Case Name: UNITED STATES v. ROUNTREE
Court: United States Court of Appeals for the Fifth Circuit
Jurisdiction: United States
Decision Date: 1944-04-26
Citations: 141 F.2d 1009
Docket Number: No. 10895
Parties: UNITED STATES v. ROUNTREE.
Judges: Before HUTCHESON, HOLMES, and WALLER, Circuit Judges.
Reporter: Federal Reporter 2d Series
Volume: 141
Pages: 1009–1010

Head Matter:
UNITED STATES v. ROUNTREE.
No. 10895.
Circuit Court of Appeals, Fifth Circuit.
April 26, 1944.
Keith L. Seegmiller, Atty., Department of Justice, of Washington, D. C., Malcolm E. Lafargue, U. S. Atty., of Shreveport, La., and Roy J. Goss, Atty., Department of Justice, of Jackson, Miss., for appellant.
B. B. McClendon and Henry Edmonds, both of Jackson, Miss., for appellee.
Before HUTCHESON, HOLMES, and WALLER, Circuit Judges.

Opinion:
WALLER, Circuit Judge.
Appellee, claiming total and permanent disability, recovered a judgment under his converted war risk insurance. He claimed that he had been totally and permanently disabled from January 28, 1935, from heart disease, asthma, and other afflictions. The policies of the plaintiff had lapsed and had been reinstated on numerous occasions, the last being on April 16, 1928. Another date of reinstatement was September 12, 1922. The Government alleges that these reinstatements were each fraudulently obtained for the reason that the defendant had falsely stated in his applications for reinstatement that he had never been treated for any disease of the throat, lungs, or heart.
In 1933, and again in 1935, plaintiff applied for a pension for disability claimed to have resulted from his service in the Navy between January 8, 1918, and July 1, 1919, in which applications he undertook to show that he had asthma and heart trouble while still in the service. In 1935 his disability was acknowledged by the Veterans' Administration and he began drawing a pension of $100 per month. We are confronted with the paradoxical situation of the assertion in 1928 of the soundness of the appellee and of no trouble of the heart and lungs on the one hand, and on the other hand the assertion in his application for pension in 1933 and 1935 that he had had heart trouble and asthma since he was in the service. Attempting to explain these contradictions the appellee says that he did not know in 1922 and in 1928, nor until after the Veterans' Administration recognized and diagnosed his ailment properly in 1935, that he had been suffering in the years past with asthma and heart trouble, and that after he obtained this information from the Veterans' Administration in 1935 and viewed in retrospect his condition and symptoms, as well as the long-prior pronouncements of various doctors, he then realized that he had had these troubles all the time. Insisting in the court below and here that his answers to the questions in his application for reinstatement were in good faith and in accordance with the best of his knowledge and belief, he urges upon us that recovery should not be denied merely because his answers, made in ignorance of his true condition, were, from a pathological standpoint, untrue.
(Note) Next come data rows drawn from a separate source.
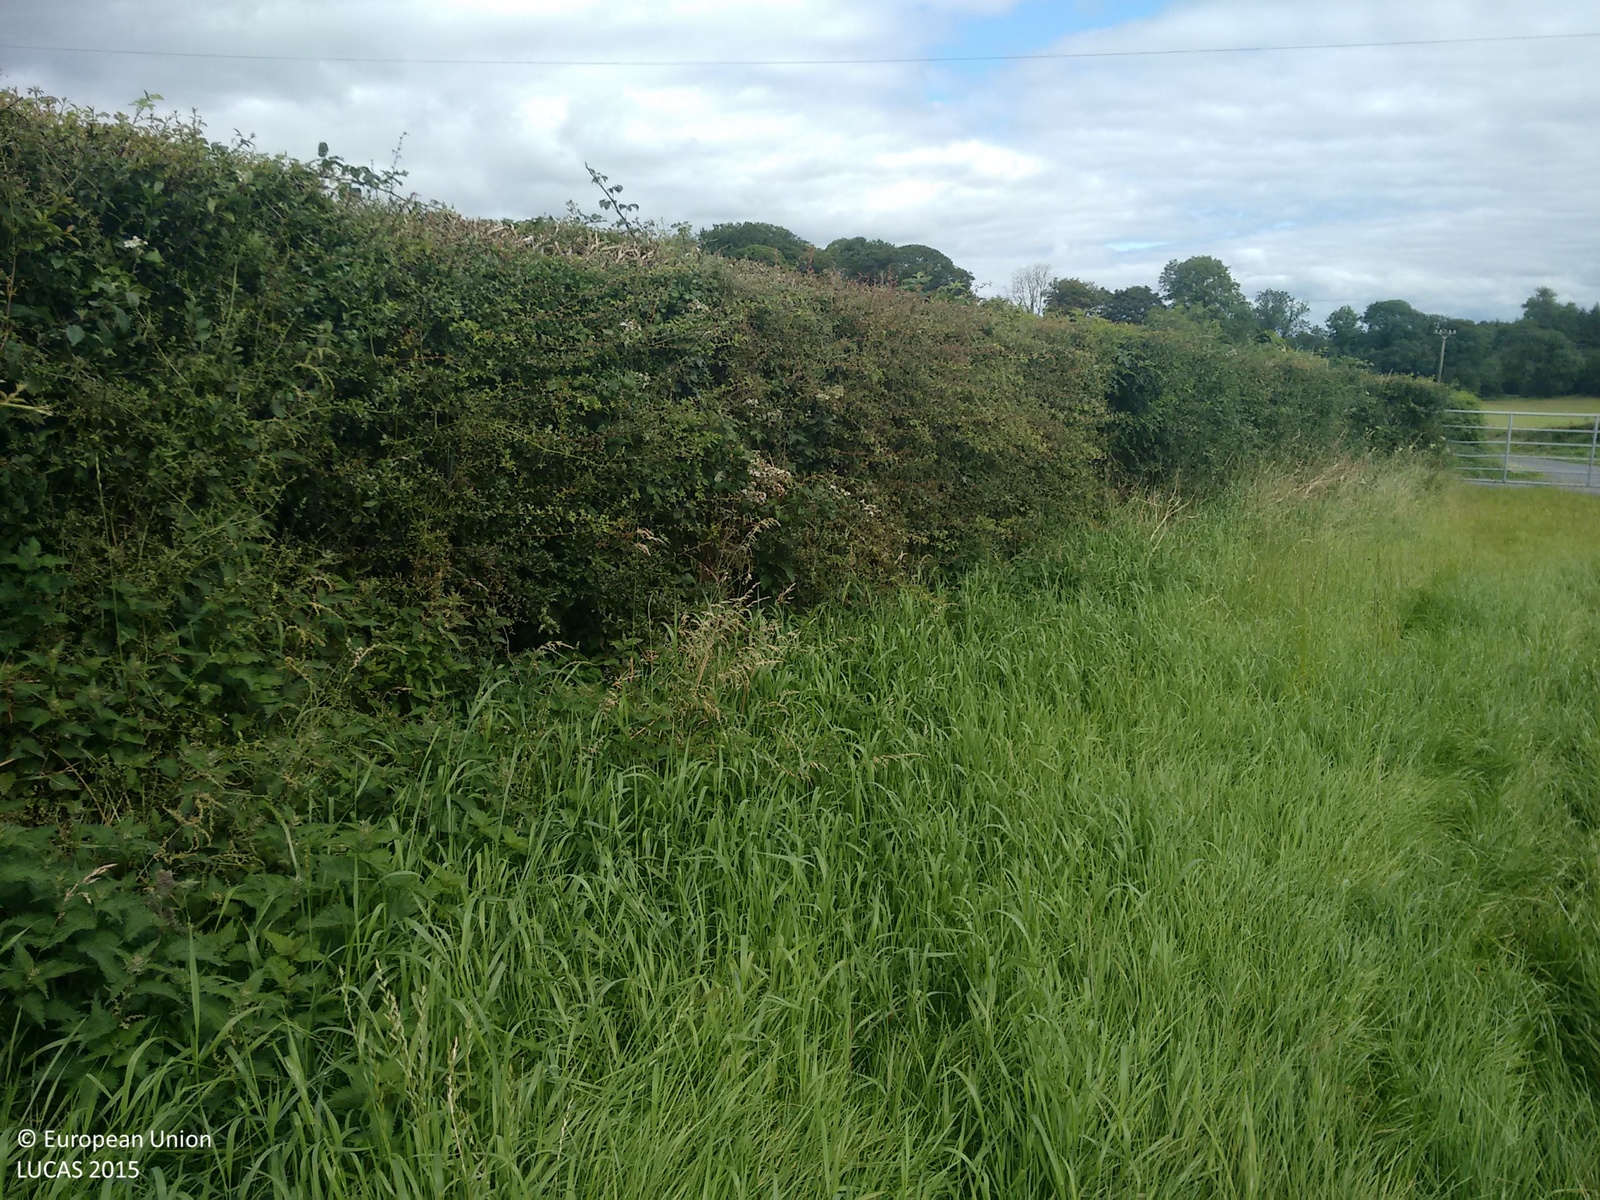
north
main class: Grassland
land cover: Grassland without tree/shrub cover
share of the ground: > 75 %
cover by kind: herbaceous plants 100 %
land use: Agriculture (excluding fallow land and kitchen gardens)
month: August
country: GB
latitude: 54.3114
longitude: -6.8114
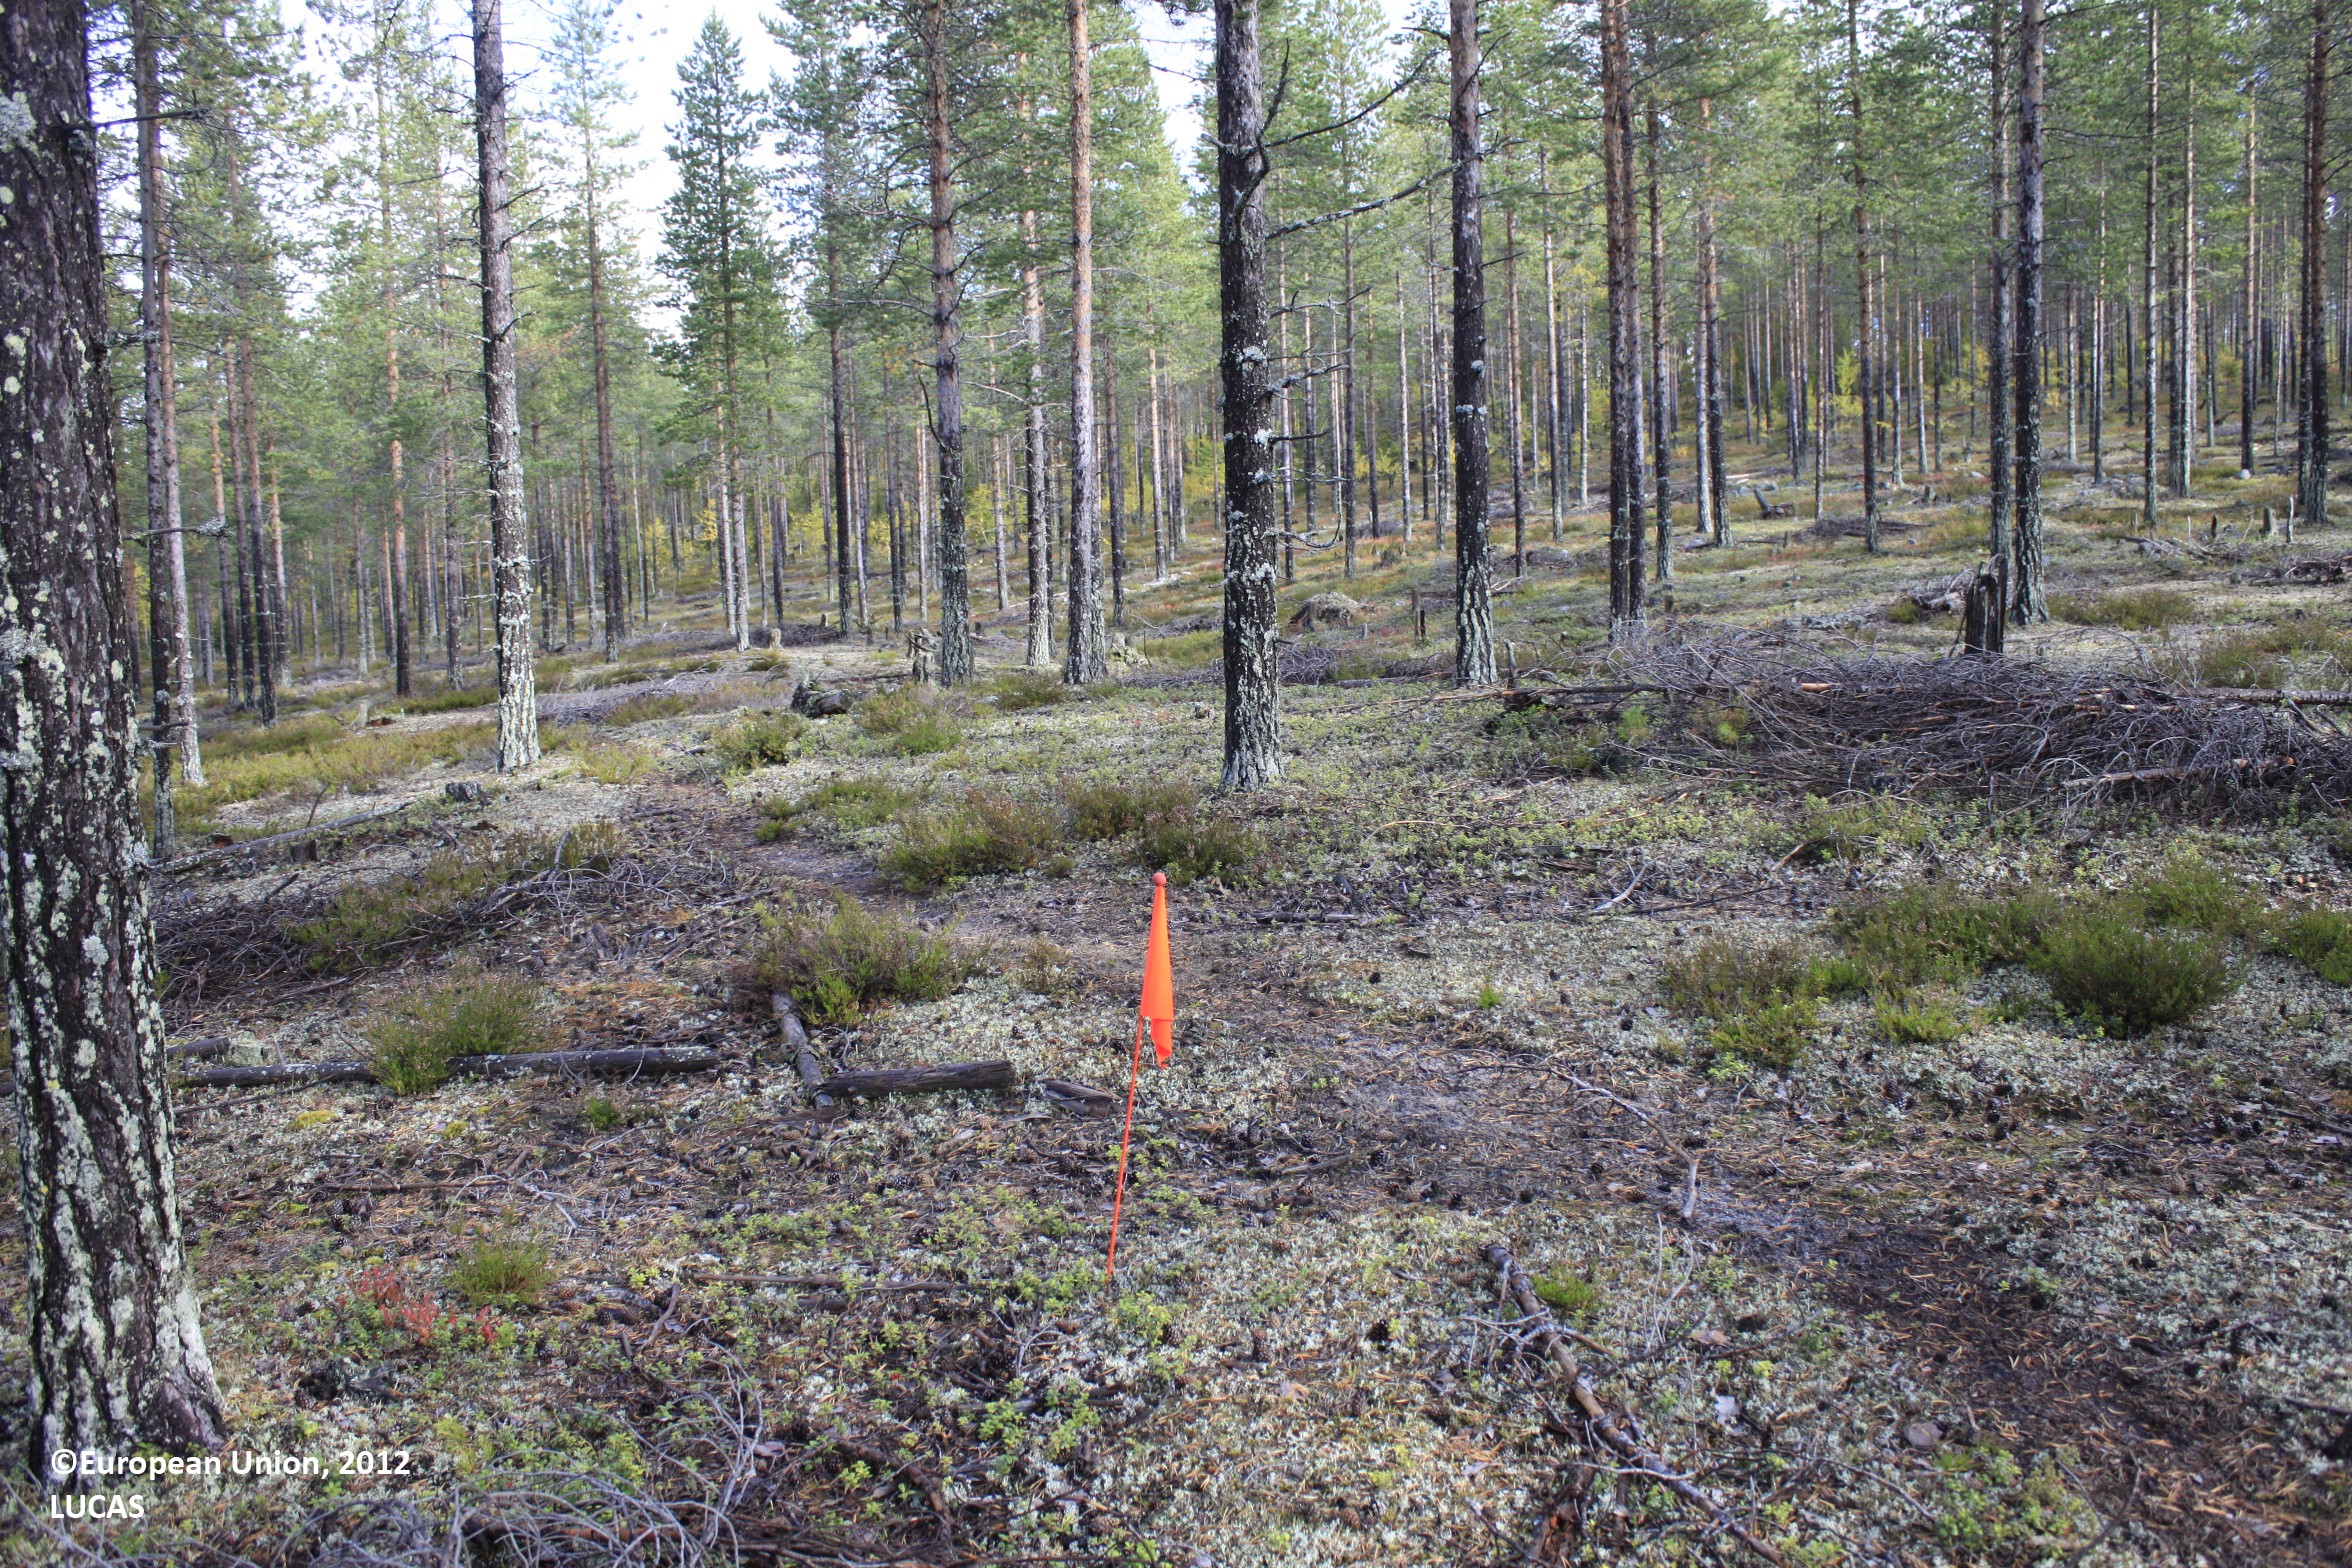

The jury below did not believe that his answers were fraudulent and untrue. It was the trier of the facts and we cannot say that there is no substantial evidence to support the verdict. The issue was chiefly one of good faith as to whether the answers were true to the best of the appellee's knowledge and belief. The answers were not warranties. The factual issue was fairly submitted to the jury, which, after hearing the testimony of plaintiff and all witnesses, concluded that the plaintiff did not' know or believe on the dates of the reinstatements in question that he had ever been treated for any diseases of the throat, heart, or lungs, and that his statements to the contrary were made retrospectively and in view of the diagnoses in 1935.
To the unprejudiced non-medical layman it is difficult to perceive how one could suffer with either heart trouble or asthma over such a long period of time and not recognize it. Particularly is this difficult in view of his letter of July 28, 1924, when he wrote Dr. Elliott that he had not suffered from the "asthmatic attack" since returning from New Orleans. He says however, that Dr. Elliott advised him to have his tonsils taken out, and that after he had done so no further attacks had been experienced. He then attributed his affliction to bad tonsils rather than to asthma.
Be that as it may, it was the function of the jury to make the decision, and we will not say that the verdict is unsupported by the evidence. The judgment of the lower court is affirmed.